To minimise the risk of disaster, it is vital to obtain real-life reactions from potential customers both to new product/service concepts (initially) and to polish the product in the pre-launch phase.

Qualitative surveys (especially focus groups) are often used in the initial stages to gauge broad reactions to the concept. A large amount of skill is needed to elicit meaningful responses, especially when the concept is totally new or revolutionary (eg e-commerce, and brand extension into fundamentally new markets; both are being championed by Virgin). Specific qualitative predictive techniques exist.

Later on, perhaps when the most strongly demanded product/service features have been identified and/or incorporated, quantitative research has a part to play both to make a choice about which of several attractive options to develop and in pre-launch fine-tuning.

“Hall tests” are often used for consumer and mass-market NPD surveys, especially where food and drink tasting, or where expensive or heavy mock-ups are involved. A large interview room is normally booked in a hotel or near the high street (often above a pub) and a team of interviewers recruit the necessary types of people off the street. Interviews take place in the “hall”.
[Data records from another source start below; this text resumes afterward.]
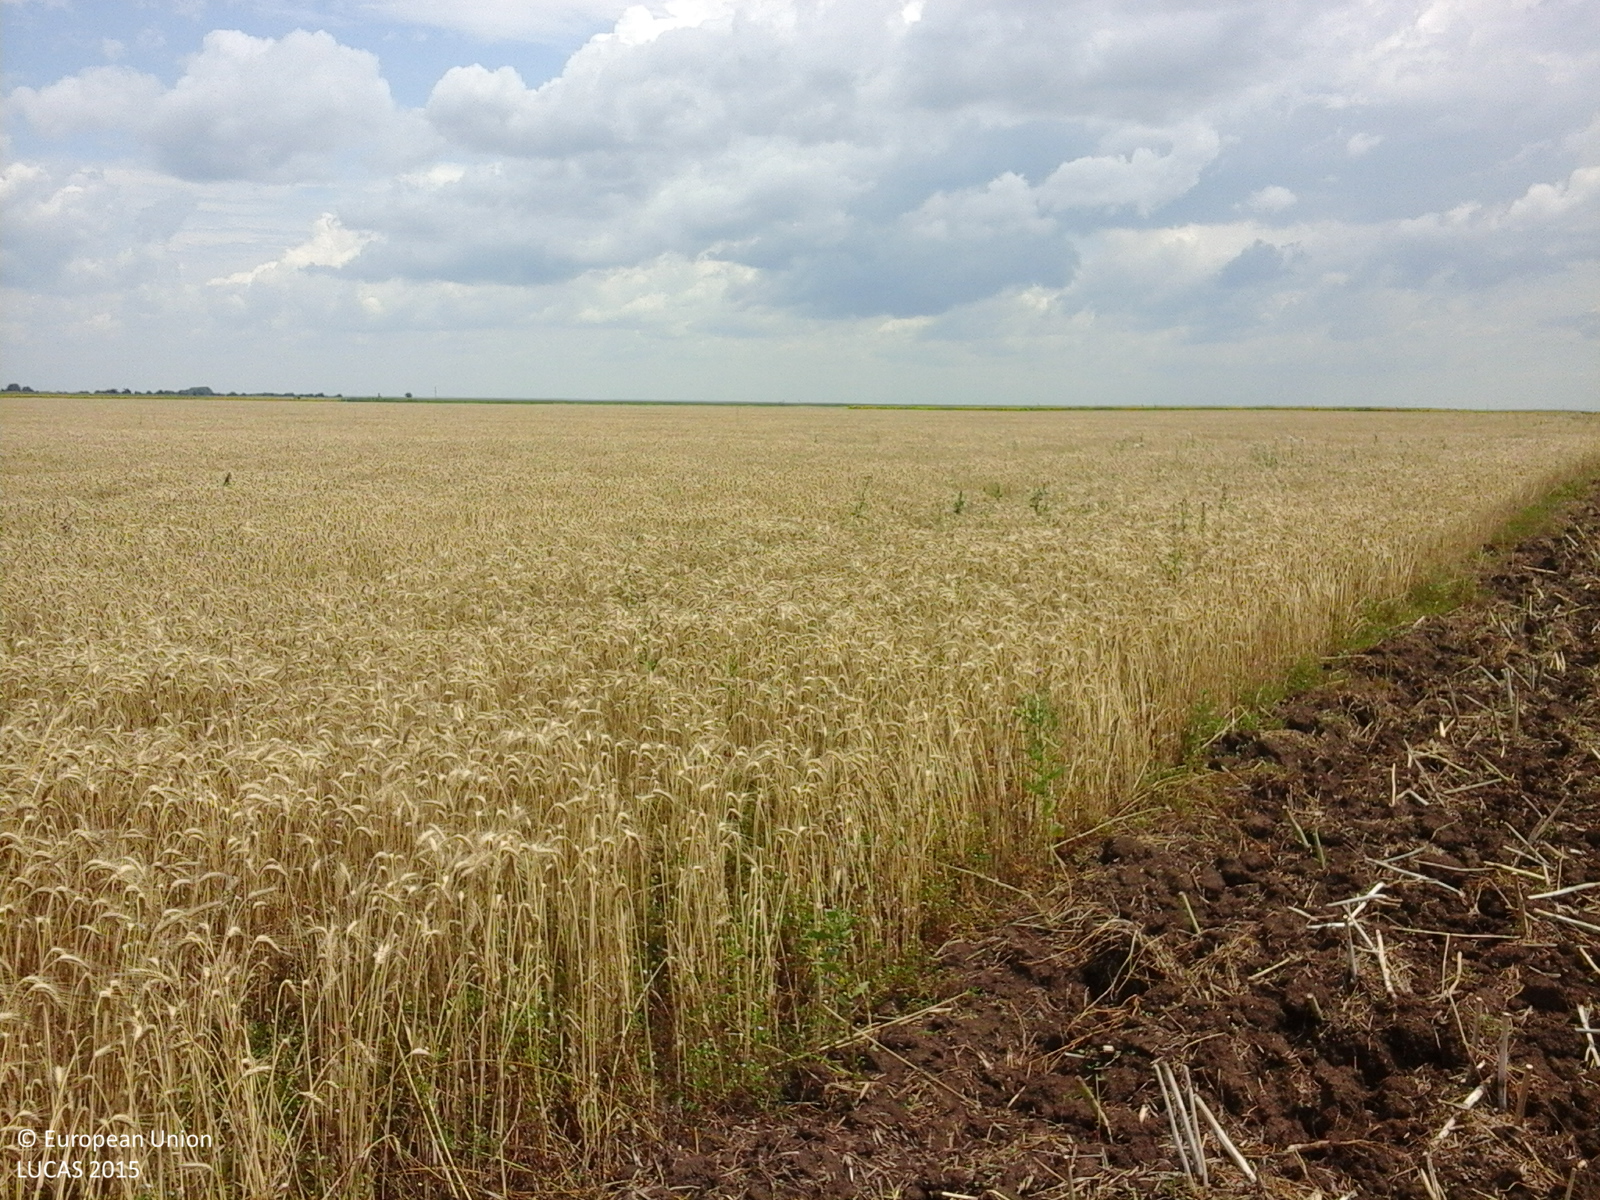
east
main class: Cropland
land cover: Common wheat
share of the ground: > 75 %
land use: Agriculture (excluding fallow land and kitchen gardens)
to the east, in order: Common wheat
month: July
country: RO
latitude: 43.8937
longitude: 24.3665

In addition to assessing the most desirable price and pack sizes (see Pricing Research on page 13), marketeers are often required to assess the optimum combination of features. In this case, a BPTO-derivative called “Conjoint Analysis” is used which asks respondents to make a series of choices between different products/brands with different features at different prices.

Respondents are shown a series of pairs from which to choose (eg Brand A, 125ml pack, at £2.99 vs. Brand B, 250 ml at £4.99). As each preference is recorded, conjoint software presents only those new combinations that are needed to build up a statistically-robust model to establish the importance of each brand/feature and whether it makes the respondent more or less price sensitive.

Once this model has been built, “What if” scenarios can be run to assess the optimum combinations and likely sales volume for a specific brand at a given price. The model can also assess the optimum price for a brand with a pre-determined set of features. In this way, the marketeer can design several different product variations and assess the optimum price (and likely sales volume) for each.